History / 历史
Brief
According to one globally shared view of history, its study informs human behaviour. Even in China, George Santayana’s famous words, “[t]hose who cannot remember the past are condemned to repeat it”, have the familiar ring of truth. But history’s constant exploitation is also a fact across much of the world. Following the tradition of “correct” history writing laid down in the Soviet Union under Stalin in 1938, China’s ruling Communist Party has long viewed the shaping of history as a crucial means of justifying and defending the regime. Under Xi Jinping since late 2012, the emphasis on the Party’s official vision of history as a source of power and legitimacy has only strengthened.
Analysis
Since its origin in the 1920s, the Chinese Communist Party has adhered to a materialist conception of history,[1] a doctrine of linear historical progress proceeding through class struggle. Armed with this socialist historiography, Mao Zedong established himself as China’s revolutionary leader in the 1940s, and in the decades that followed this conception of history legitimised the CCP as a revolutionary and ruling Party. In the CCP’s first formal resolution on history in 1945, Mao Zedong summarised the key political lessons since the Party’s founding in 1921. The resolution, which followed Mao’s successful purging of his political opposition, focused criticism on the supposed damage caused in the preceding decade by “left-leaning opportunism”, and formalised Mao’s supremacy, laying the foundation for catastrophic failure of the Cultural Revolution – a decade hugely destructive to China’s cultural heritage.

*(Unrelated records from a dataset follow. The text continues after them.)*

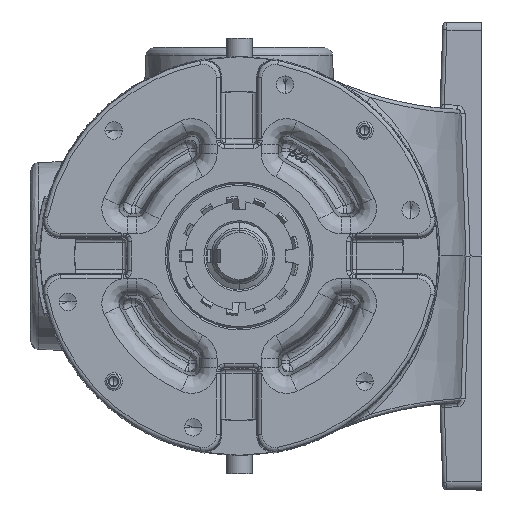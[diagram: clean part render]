
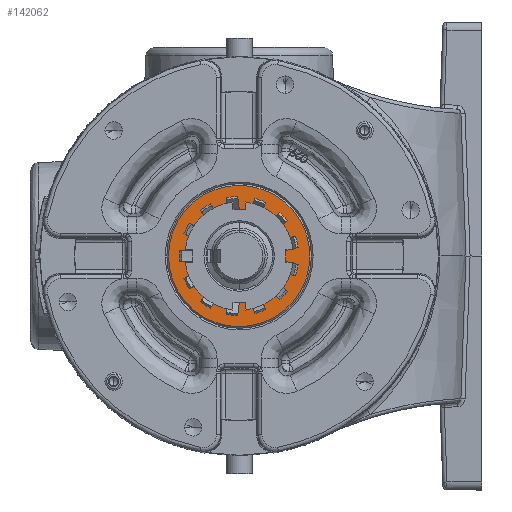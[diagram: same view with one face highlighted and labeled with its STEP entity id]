
A CAD part, left-side view. The second image highlights one B-rep face of the part: STEP entity #142062.
In plain terms, the highlighted planar face has unit normal (-1, 0, 0).
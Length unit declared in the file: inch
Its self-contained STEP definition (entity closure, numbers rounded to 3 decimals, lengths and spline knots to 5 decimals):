
#3004 = ORIENTED_EDGE ( 'NONE', *, *, #162613, .F. ) ;
#10779 = CARTESIAN_POINT ( 'NONE',  ( -8.089, 0., 0. ) ) ;
#14257 = FACE_BOUND ( 'NONE', #113985, .T. ) ;
#14472 = VERTEX_POINT ( 'NONE', #187564 ) ;
#15987 = DIRECTION ( 'NONE',  ( -1., 0., 0. ) ) ;
#26637 = DIRECTION ( 'NONE',  ( 0., 0., -1. ) ) ;
#36112 = ORIENTED_EDGE ( 'NONE', *, *, #190389, .F. ) ;
#43475 = EDGE_CURVE ( 'NONE', #95691, #197858, #131767, .T. ) ;
#50844 = CIRCLE ( 'NONE', #72939, 0.6325 ) ;
#67696 = CARTESIAN_POINT ( 'NONE',  ( -8.089, 0., -1.019 ) ) ;
#70968 = DIRECTION ( 'NONE',  ( 1., 0., 0. ) ) ;
#72939 = AXIS2_PLACEMENT_3D ( 'NONE', #88533, #199646, #104474 ) ;
#77247 = DIRECTION ( 'NONE',  ( 1., 0., 0. ) ) ;
#88533 = CARTESIAN_POINT ( 'NONE',  ( -8.089, 0., 0. ) ) ;
#95691 = VERTEX_POINT ( 'NONE', #105746 ) ;
#96558 = VERTEX_POINT ( 'NONE', #146658 ) ;
#104474 = DIRECTION ( 'NONE',  ( 0., 0., 1. ) ) ;
#105746 = CARTESIAN_POINT ( 'NONE',  ( -8.089, 0., 1.019 ) ) ;
#108927 = CIRCLE ( 'NONE', #120930, 1.019 ) ;
#109000 = ORIENTED_EDGE ( 'NONE', *, *, #43475, .F. ) ;
#110918 = CARTESIAN_POINT ( 'NONE',  ( -8.089, 0., 0. ) ) ;
#113985 = EDGE_LOOP ( 'NONE', ( #127128, #3004 ) ) ;
#120930 = AXIS2_PLACEMENT_3D ( 'NONE', #172362, #77247, #188416 ) ;
#121423 = AXIS2_PLACEMENT_3D ( 'NONE', #166065, #70968, #182141 ) ;
#121700 = DIRECTION ( 'NONE',  ( 1., 0., 0. ) ) ;
#126860 = DIRECTION ( 'NONE',  ( 0., 0., 1. ) ) ;
#127128 = ORIENTED_EDGE ( 'NONE', *, *, #204380, .F. ) ;
#131767 = CIRCLE ( 'NONE', #183165, 1.019 ) ;
#140754 = FACE_OUTER_BOUND ( 'NONE', #143816, .T. ) ;
#142062 = ADVANCED_FACE ( 'NONE', ( #140754, #14257 ), #196724, .F. ) ;
#143816 = EDGE_LOOP ( 'NONE', ( #36112, #109000 ) ) ;
#146658 = CARTESIAN_POINT ( 'NONE',  ( -8.089, 0., 0.6325 ) ) ;
#162613 = EDGE_CURVE ( 'NONE', #14472, #96558, #50844, .T. ) ;
#166065 = CARTESIAN_POINT ( 'NONE',  ( -8.089, 1.019, 0. ) ) ;
#172362 = CARTESIAN_POINT ( 'NONE',  ( -8.089, 0., 0. ) ) ;
#180348 = AXIS2_PLACEMENT_3D ( 'NONE', #110918, #15987, #126860 ) ;
#182141 = DIRECTION ( 'NONE',  ( 0., 0., -1. ) ) ;
#183165 = AXIS2_PLACEMENT_3D ( 'NONE', #10779, #121700, #26637 ) ;
#187564 = CARTESIAN_POINT ( 'NONE',  ( -8.089, 0., -0.6325 ) ) ;
#188416 = DIRECTION ( 'NONE',  ( 0., 0., -1. ) ) ;
#190389 = EDGE_CURVE ( 'NONE', #197858, #95691, #108927, .T. ) ;
#190600 = CIRCLE ( 'NONE', #180348, 0.6325 ) ;
#196724 = PLANE ( 'NONE',  #121423 ) ;
#197858 = VERTEX_POINT ( 'NONE', #67696 ) ;
#199646 = DIRECTION ( 'NONE',  ( -1., 0., 0. ) ) ;
#204380 = EDGE_CURVE ( 'NONE', #96558, #14472, #190600, .T. ) ;

After Mao’s death, the CCP set off on a new path of reform and opening. A new consensus on history was required to explain the failings of the Mao era and consolidate the foundation of power under the reform agenda. This came in 1981 with Deng Xiaoping’s Resolution on Certain Questions in the History of Our Party Since the Founding of the PRC (关于建国以来党的若干历史问题的决议), which served to reframe the reform project and settle the question of the “erroneous theories and practices” of the Cultural Revolution, while not undermining Mao’s revolutionary role, insisting that Mao’s “contributions to the Chinese revolution far outweigh his mistakes”.
Similarly, the CCP’s third resolution on history, the November 2021 Resolution on the Major Achievements and Historical Experiences of the Party’s Hundred-Year Struggle (中共中央关于党的百年奋斗重大成就和历史经验的决议), declared a new direction for the CCP and reconsolidated its claim to power under the leadership of Xi Jinping. The resolution, which established Xi as the pioneer and charismatic leader of a “New Era of Socialism with Chinese Characteristics” (中国特色社会主义新时代), cemented his power and legacy. Xi’s “New Era”, a period covering less than one-tenth of the CCP’s 100-year history, occupied more than half of the resolution text.
Under Xi Jinping, the CCP has sharpened its focus on the Party’s revolutionary history. It has spoken in the official media of “red genes” (红色基因), referring to the revolutionary spirit and Party’s history as a political and cultural inheritance of the Chinese people, and has even sought to safeguard its revolutionary legacy with campaigns against “historical nihilism” – meaning denial of the Party’s official history and its materialist historical development – and legislation against the defaming of heroes. Also under Xi Jinping, there has been a renewed focus on China’s “excellent traditional culture” as a resource of Party legitimacy, seen particularly in Xi’s 2012 notion of the “Chinese dream” of a “great rejuvenation of the Chinese people”. This idea posits China’s return, after more than a century of humiliation at the hands of the West, to the centre of the world stage – a position, according to current CCP historiography, that Chinese civilisation held for much of its own history.
[1] L. Pang, ‘Mao’s Dialectical Materialism: Possibilities for the Future,’ in Rethinking Marxism: A Journal of Economics, Culture & Society, February 2016, 28:1, 108-123.